▶ **Exercise directions**: Repeat the lines from the one containing "The image is 0.5 seconds after image 1." through the end of the listing exactly, both ends included. Do not carry over any pictures.

[Material provided Boundary: Start]

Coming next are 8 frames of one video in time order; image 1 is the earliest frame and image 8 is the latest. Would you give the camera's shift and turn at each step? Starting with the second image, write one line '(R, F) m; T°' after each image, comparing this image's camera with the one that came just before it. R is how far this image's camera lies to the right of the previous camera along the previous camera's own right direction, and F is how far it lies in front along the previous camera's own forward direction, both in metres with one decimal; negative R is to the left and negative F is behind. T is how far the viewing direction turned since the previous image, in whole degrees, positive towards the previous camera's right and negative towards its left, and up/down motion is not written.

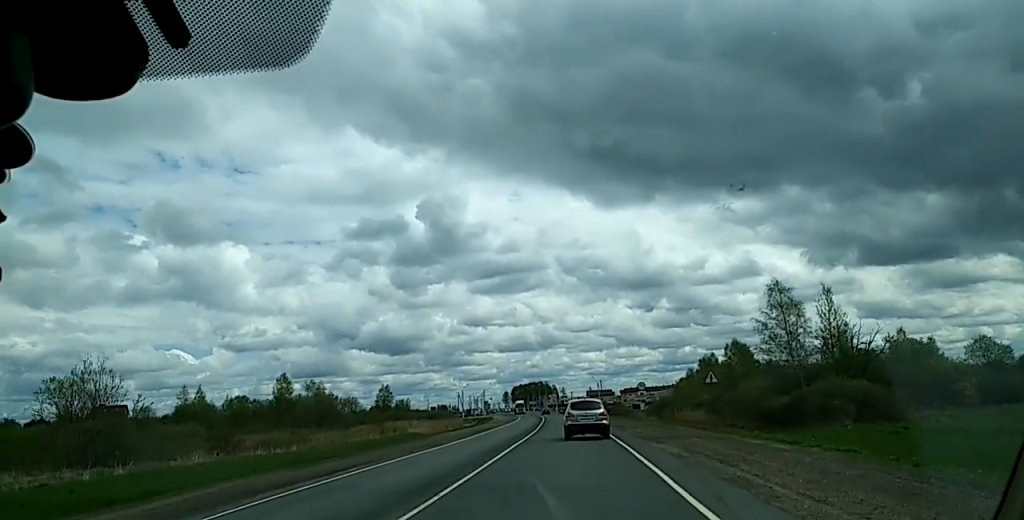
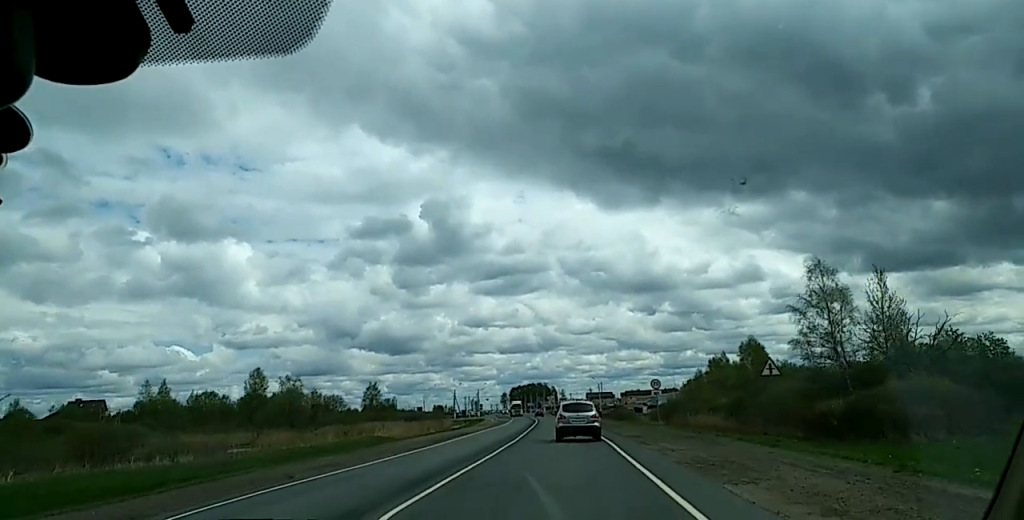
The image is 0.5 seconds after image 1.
(+0.2, +13.2) m; 0°
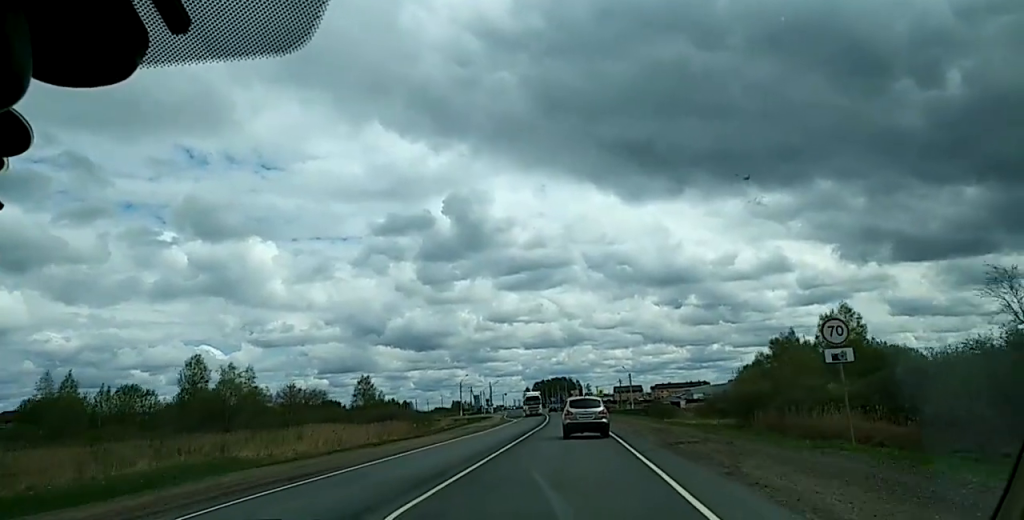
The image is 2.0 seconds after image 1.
(-0.5, +36.4) m; -1°
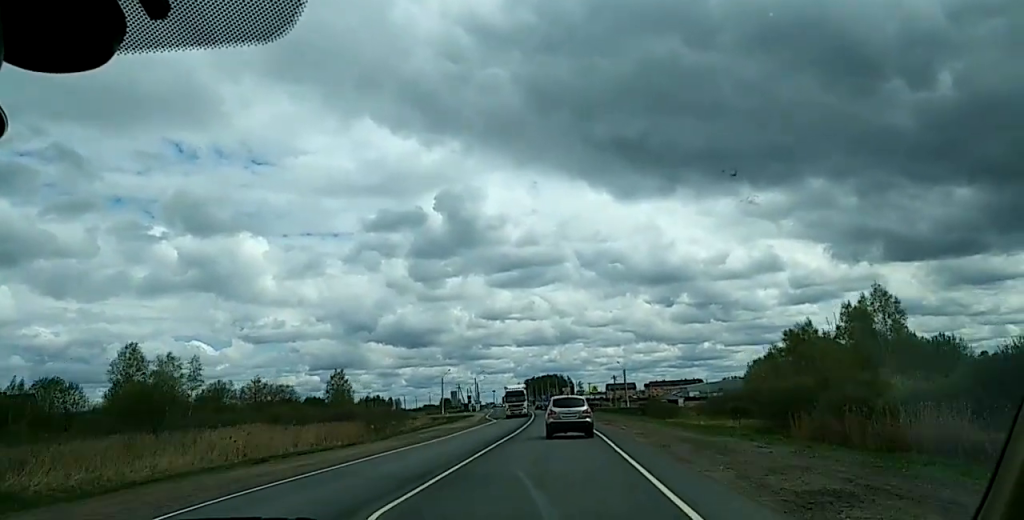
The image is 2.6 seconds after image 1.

[Material provided Boundary: End]

▶ **Output of the task**:
The image is 0.5 seconds after image 1.
(+0.2, +13.2) m; 0°
The image is 2.0 seconds after image 1.
(-0.5, +36.4) m; -1°
The image is 2.6 seconds after image 1.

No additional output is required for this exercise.